_What to do_.
Which lines of the entries below run from the one holding "#19468=AXIS2_PLACEMENT_3D('',#19465,#19466,#19467);" to the one holding "#19570=CARTESIAN_POINT('',(396.8,-40.,-218.));", inclusive? Set down exactly those lines and no others.

_Available data_.
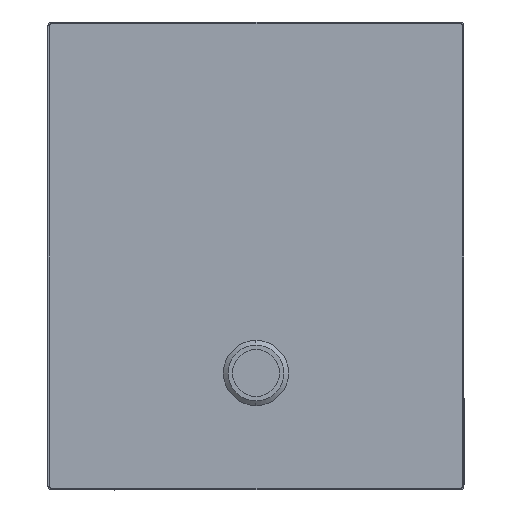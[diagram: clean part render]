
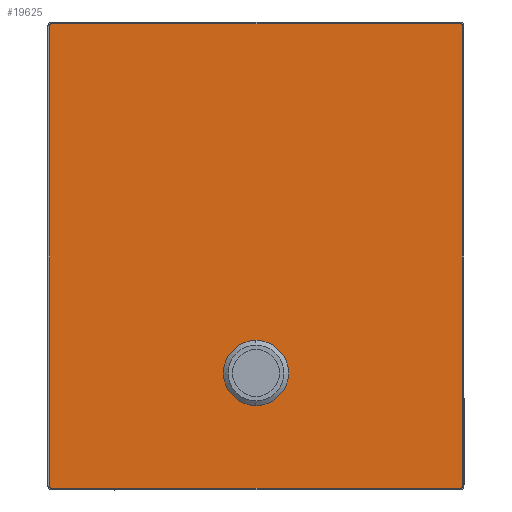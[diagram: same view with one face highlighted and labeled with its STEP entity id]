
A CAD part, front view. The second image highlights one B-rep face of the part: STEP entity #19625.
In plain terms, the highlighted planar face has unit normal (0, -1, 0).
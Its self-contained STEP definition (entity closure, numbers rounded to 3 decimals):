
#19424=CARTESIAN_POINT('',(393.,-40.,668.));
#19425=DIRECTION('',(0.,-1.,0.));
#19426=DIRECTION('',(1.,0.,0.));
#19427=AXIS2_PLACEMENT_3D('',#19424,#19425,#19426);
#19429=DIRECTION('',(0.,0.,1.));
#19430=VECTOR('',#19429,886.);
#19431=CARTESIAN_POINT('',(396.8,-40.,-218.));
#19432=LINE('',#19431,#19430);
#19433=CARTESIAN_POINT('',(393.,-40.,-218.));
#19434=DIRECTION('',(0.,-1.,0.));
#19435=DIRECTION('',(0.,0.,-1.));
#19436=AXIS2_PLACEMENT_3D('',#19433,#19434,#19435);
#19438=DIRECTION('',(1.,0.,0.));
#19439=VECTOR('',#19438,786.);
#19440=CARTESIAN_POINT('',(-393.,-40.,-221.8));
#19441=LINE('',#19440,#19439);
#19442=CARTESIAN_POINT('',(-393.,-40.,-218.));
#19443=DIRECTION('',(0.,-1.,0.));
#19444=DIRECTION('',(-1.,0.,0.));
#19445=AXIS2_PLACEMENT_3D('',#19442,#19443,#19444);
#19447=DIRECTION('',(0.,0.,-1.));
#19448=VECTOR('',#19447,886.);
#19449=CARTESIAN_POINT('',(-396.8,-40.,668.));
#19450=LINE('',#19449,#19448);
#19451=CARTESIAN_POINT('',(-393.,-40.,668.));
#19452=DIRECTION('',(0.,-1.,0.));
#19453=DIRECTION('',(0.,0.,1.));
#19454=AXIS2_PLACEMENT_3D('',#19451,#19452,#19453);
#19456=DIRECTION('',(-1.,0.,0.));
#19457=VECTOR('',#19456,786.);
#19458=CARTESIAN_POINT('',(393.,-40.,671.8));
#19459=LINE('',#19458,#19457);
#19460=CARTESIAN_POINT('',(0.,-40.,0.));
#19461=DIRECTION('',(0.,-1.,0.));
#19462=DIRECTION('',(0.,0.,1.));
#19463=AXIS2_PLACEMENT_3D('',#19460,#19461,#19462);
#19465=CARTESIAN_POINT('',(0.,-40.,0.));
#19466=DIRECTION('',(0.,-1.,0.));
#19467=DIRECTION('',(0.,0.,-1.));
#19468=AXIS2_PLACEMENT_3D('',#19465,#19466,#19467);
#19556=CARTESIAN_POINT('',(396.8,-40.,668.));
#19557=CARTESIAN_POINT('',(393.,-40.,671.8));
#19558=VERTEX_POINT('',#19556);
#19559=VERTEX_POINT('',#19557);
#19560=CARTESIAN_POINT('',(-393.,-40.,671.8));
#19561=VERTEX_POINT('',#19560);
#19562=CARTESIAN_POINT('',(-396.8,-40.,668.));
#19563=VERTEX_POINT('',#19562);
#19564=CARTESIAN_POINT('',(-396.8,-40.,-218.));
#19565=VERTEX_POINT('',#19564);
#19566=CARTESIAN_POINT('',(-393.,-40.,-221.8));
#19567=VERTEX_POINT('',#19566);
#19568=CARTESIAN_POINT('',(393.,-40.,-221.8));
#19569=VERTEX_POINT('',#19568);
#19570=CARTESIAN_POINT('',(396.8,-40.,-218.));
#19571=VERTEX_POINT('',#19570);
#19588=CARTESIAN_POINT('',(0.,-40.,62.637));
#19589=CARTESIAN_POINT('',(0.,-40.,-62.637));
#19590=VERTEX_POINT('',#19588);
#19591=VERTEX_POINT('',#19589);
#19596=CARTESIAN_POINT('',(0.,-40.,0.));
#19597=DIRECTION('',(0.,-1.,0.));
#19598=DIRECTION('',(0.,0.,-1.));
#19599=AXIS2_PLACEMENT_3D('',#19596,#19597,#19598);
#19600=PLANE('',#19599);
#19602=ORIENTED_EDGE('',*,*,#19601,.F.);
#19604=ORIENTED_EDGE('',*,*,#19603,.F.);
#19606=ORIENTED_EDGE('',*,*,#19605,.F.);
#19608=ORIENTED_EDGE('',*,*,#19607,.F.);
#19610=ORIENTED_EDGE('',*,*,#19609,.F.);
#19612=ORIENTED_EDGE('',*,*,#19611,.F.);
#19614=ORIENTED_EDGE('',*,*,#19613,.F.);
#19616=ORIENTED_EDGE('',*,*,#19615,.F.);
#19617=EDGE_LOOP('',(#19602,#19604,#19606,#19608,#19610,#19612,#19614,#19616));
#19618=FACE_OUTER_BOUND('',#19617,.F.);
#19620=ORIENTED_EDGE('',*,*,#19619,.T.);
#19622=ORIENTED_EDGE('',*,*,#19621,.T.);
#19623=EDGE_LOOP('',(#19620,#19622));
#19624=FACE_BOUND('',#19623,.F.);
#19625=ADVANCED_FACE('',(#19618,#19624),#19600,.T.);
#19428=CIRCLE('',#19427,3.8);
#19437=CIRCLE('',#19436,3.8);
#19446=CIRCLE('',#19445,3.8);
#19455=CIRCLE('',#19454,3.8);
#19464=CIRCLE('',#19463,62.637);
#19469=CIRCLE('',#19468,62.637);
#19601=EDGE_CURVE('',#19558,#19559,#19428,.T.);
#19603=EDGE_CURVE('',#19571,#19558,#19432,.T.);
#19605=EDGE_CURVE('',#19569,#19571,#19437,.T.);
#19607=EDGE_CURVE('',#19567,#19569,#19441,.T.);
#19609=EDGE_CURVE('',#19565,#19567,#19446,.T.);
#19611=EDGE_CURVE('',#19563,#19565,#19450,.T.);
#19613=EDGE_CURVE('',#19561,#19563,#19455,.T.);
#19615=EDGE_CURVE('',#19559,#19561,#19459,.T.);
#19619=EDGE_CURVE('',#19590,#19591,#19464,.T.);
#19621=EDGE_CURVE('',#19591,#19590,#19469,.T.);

_Output of the task_.
#19468=AXIS2_PLACEMENT_3D('',#19465,#19466,#19467);
#19556=CARTESIAN_POINT('',(396.8,-40.,668.));
#19557=CARTESIAN_POINT('',(393.,-40.,671.8));
#19558=VERTEX_POINT('',#19556);
#19559=VERTEX_POINT('',#19557);
#19560=CARTESIAN_POINT('',(-393.,-40.,671.8));
#19561=VERTEX_POINT('',#19560);
#19562=CARTESIAN_POINT('',(-396.8,-40.,668.));
#19563=VERTEX_POINT('',#19562);
#19564=CARTESIAN_POINT('',(-396.8,-40.,-218.));
#19565=VERTEX_POINT('',#19564);
#19566=CARTESIAN_POINT('',(-393.,-40.,-221.8));
#19567=VERTEX_POINT('',#19566);
#19568=CARTESIAN_POINT('',(393.,-40.,-221.8));
#19569=VERTEX_POINT('',#19568);
#19570=CARTESIAN_POINT('',(396.8,-40.,-218.));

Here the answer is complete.